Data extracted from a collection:
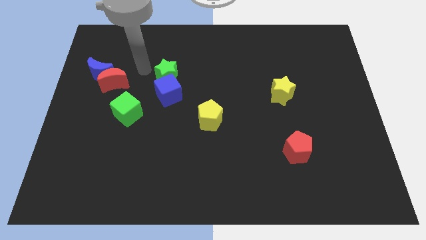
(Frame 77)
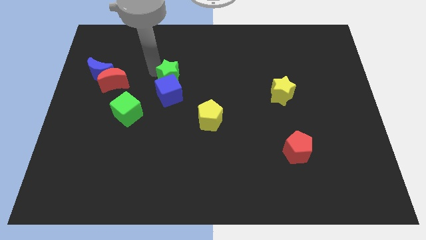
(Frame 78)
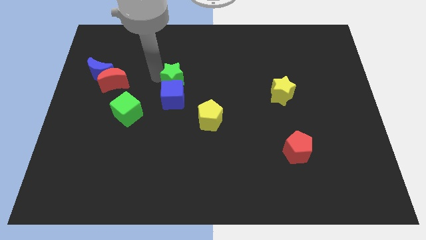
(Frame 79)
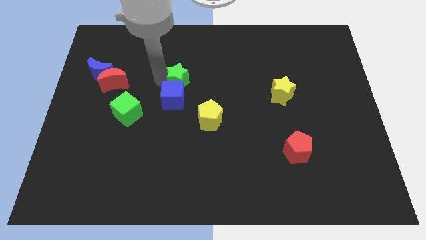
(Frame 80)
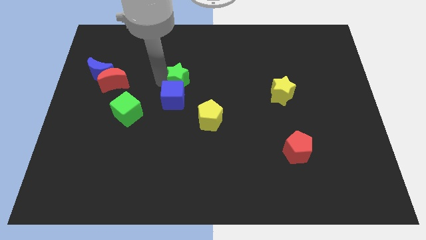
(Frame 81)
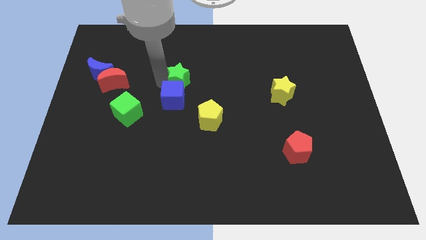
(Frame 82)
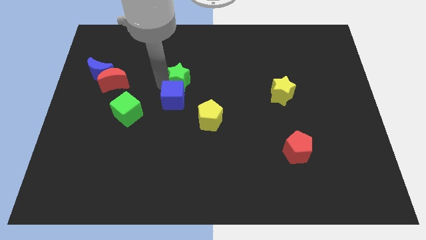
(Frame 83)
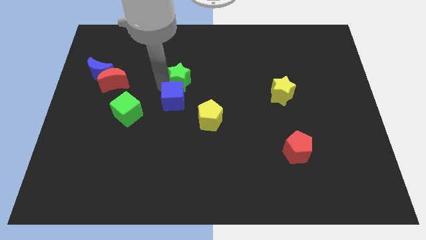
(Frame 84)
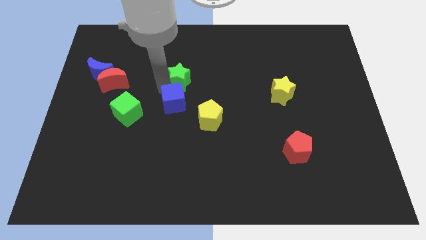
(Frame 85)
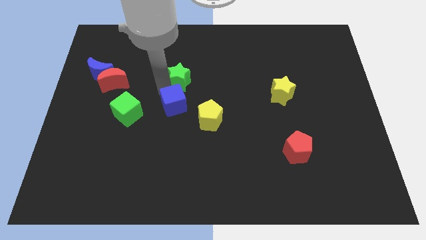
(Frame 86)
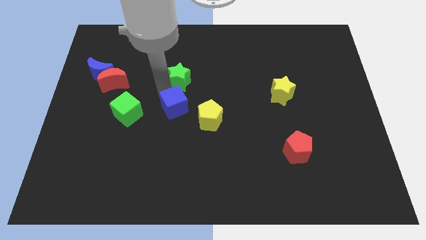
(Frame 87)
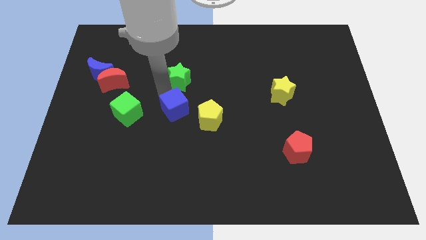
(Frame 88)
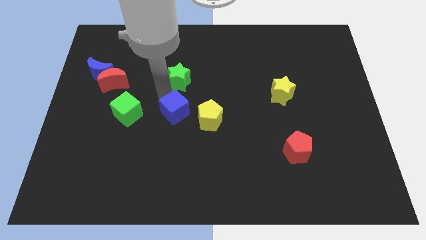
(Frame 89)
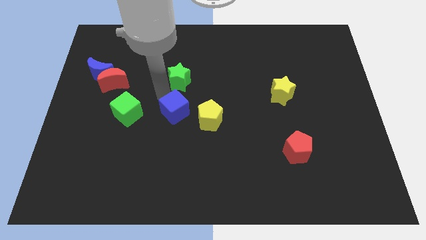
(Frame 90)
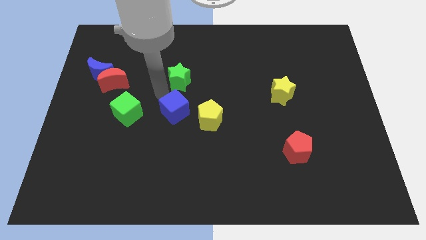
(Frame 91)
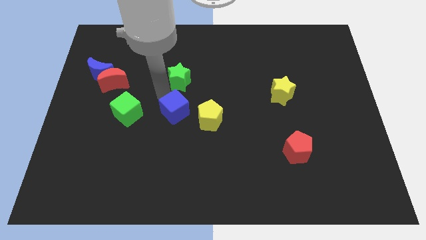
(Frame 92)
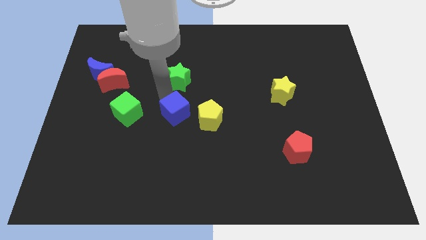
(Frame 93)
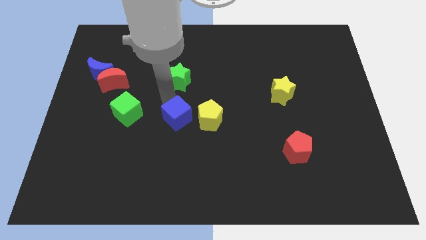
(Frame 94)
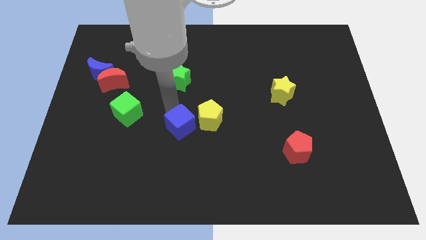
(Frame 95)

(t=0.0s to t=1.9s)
slide the blue cube somewhat down and then right

- **To do**:
No pictures belong in the copy. Repeat the entries exactly.

- **Answer to the problem**:
(Frame 77)
(Frame 78)
(Frame 79)
(Frame 80)
(Frame 81)
(Frame 82)
(Frame 83)
(Frame 84)
(Frame 85)
(Frame 86)
(Frame 87)
(Frame 88)
(Frame 89)
(Frame 90)
(Frame 91)
(Frame 92)
(Frame 93)
(Frame 94)
(Frame 95)

(t=0.0s to t=1.9s)
slide the blue cube somewhat down and then right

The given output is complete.